▶ **Task directions**
Write down each entry again, exactly as it reads.

━━━━━ The input ━━━━━

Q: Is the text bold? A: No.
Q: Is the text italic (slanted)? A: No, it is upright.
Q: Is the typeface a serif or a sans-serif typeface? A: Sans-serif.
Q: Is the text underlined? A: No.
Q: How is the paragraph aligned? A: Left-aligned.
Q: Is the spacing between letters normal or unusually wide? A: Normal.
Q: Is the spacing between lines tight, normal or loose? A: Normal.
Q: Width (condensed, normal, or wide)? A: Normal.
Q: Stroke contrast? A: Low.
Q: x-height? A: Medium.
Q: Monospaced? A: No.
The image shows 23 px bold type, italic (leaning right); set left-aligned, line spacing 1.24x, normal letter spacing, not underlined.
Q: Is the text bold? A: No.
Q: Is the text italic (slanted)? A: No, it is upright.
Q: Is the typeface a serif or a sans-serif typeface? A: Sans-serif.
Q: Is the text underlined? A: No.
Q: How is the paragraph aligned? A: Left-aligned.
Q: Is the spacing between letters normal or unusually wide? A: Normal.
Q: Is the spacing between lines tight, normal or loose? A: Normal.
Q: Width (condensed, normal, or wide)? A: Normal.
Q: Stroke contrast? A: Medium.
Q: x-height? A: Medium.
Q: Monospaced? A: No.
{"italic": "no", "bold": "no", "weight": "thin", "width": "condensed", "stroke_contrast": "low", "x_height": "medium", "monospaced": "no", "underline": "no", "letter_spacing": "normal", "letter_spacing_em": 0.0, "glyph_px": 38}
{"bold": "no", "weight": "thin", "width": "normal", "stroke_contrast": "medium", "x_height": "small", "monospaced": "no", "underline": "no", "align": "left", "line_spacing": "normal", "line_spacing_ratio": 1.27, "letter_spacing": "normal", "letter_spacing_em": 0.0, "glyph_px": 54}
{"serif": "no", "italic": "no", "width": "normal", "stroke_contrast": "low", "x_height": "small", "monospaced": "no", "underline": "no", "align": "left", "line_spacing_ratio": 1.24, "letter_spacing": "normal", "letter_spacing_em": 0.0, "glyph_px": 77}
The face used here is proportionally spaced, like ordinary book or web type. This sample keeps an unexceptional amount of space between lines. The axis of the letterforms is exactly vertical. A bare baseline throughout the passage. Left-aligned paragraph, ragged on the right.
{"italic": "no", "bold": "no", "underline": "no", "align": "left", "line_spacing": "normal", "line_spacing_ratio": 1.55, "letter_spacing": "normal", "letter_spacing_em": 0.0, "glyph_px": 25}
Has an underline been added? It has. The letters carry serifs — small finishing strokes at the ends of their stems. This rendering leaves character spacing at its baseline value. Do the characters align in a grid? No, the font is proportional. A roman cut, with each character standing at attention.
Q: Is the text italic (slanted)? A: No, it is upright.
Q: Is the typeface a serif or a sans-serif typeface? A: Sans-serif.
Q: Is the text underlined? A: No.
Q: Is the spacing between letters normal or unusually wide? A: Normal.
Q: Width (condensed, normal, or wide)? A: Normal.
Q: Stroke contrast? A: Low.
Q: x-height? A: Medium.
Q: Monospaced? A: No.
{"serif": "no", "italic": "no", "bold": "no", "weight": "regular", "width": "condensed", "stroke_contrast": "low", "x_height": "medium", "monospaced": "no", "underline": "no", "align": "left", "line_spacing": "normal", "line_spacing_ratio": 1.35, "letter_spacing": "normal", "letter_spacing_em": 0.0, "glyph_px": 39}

━━━━━

▶ **Solution to the exercise**
Q: Is the text bold? A: No.
Q: Is the text italic (slanted)? A: No, it is upright.
Q: Is the typeface a serif or a sans-serif typeface? A: Sans-serif.
Q: Is the text underlined? A: No.
Q: How is the paragraph aligned? A: Left-aligned.
Q: Is the spacing between letters normal or unusually wide? A: Normal.
Q: Is the spacing between lines tight, normal or loose? A: Normal.
Q: Width (condensed, normal, or wide)? A: Normal.
Q: Stroke contrast? A: Low.
Q: x-height? A: Medium.
Q: Monospaced? A: No.
The image shows 23 px bold type, italic (leaning right); set left-aligned, line spacing 1.24x, normal letter spacing, not underlined.
Q: Is the text bold? A: No.
Q: Is the text italic (slanted)? A: No, it is upright.
Q: Is the typeface a serif or a sans-serif typeface? A: Sans-serif.
Q: Is the text underlined? A: No.
Q: How is the paragraph aligned? A: Left-aligned.
Q: Is the spacing between letters normal or unusually wide? A: Normal.
Q: Is the spacing between lines tight, normal or loose? A: Normal.
Q: Width (condensed, normal, or wide)? A: Normal.
Q: Stroke contrast? A: Medium.
Q: x-height? A: Medium.
Q: Monospaced? A: No.
{"italic": "no", "bold": "no", "weight": "thin", "width": "condensed", "stroke_contrast": "low", "x_height": "medium", "monospaced": "no", "underline": "no", "letter_spacing": "normal", "letter_spacing_em": 0.0, "glyph_px": 38}
{"bold": "no", "weight": "thin", "width": "normal", "stroke_contrast": "medium", "x_height": "small", "monospaced": "no", "underline": "no", "align": "left", "line_spacing": "normal", "line_spacing_ratio": 1.27, "letter_spacing": "normal", "letter_spacing_em": 0.0, "glyph_px": 54}
{"serif": "no", "italic": "no", "width": "normal", "stroke_contrast": "low", "x_height": "small", "monospaced": "no", "underline": "no", "align": "left", "line_spacing_ratio": 1.24, "letter_spacing": "normal", "letter_spacing_em": 0.0, "glyph_px": 77}
The face used here is proportionally spaced, like ordinary book or web type. This sample keeps an unexceptional amount of space between lines. The axis of the letterforms is exactly vertical. A bare baseline throughout the passage. Left-aligned paragraph, ragged on the right.
{"italic": "no", "bold": "no", "underline": "no", "align": "left", "line_spacing": "normal", "line_spacing_ratio": 1.55, "letter_spacing": "normal", "letter_spacing_em": 0.0, "glyph_px": 25}
Has an underline been added? It has. The letters carry serifs — small finishing strokes at the ends of their stems. This rendering leaves character spacing at its baseline value. Do the characters align in a grid? No, the font is proportional. A roman cut, with each character standing at attention.
Q: Is the text italic (slanted)? A: No, it is upright.
Q: Is the typeface a serif or a sans-serif typeface? A: Sans-serif.
Q: Is the text underlined? A: No.
Q: Is the spacing between letters normal or unusually wide? A: Normal.
Q: Width (condensed, normal, or wide)? A: Normal.
Q: Stroke contrast? A: Low.
Q: x-height? A: Medium.
Q: Monospaced? A: No.
{"serif": "no", "italic": "no", "bold": "no", "weight": "regular", "width": "condensed", "stroke_contrast": "low", "x_height": "medium", "monospaced": "no", "underline": "no", "align": "left", "line_spacing": "normal", "line_spacing_ratio": 1.35, "letter_spacing": "normal", "letter_spacing_em": 0.0, "glyph_px": 39}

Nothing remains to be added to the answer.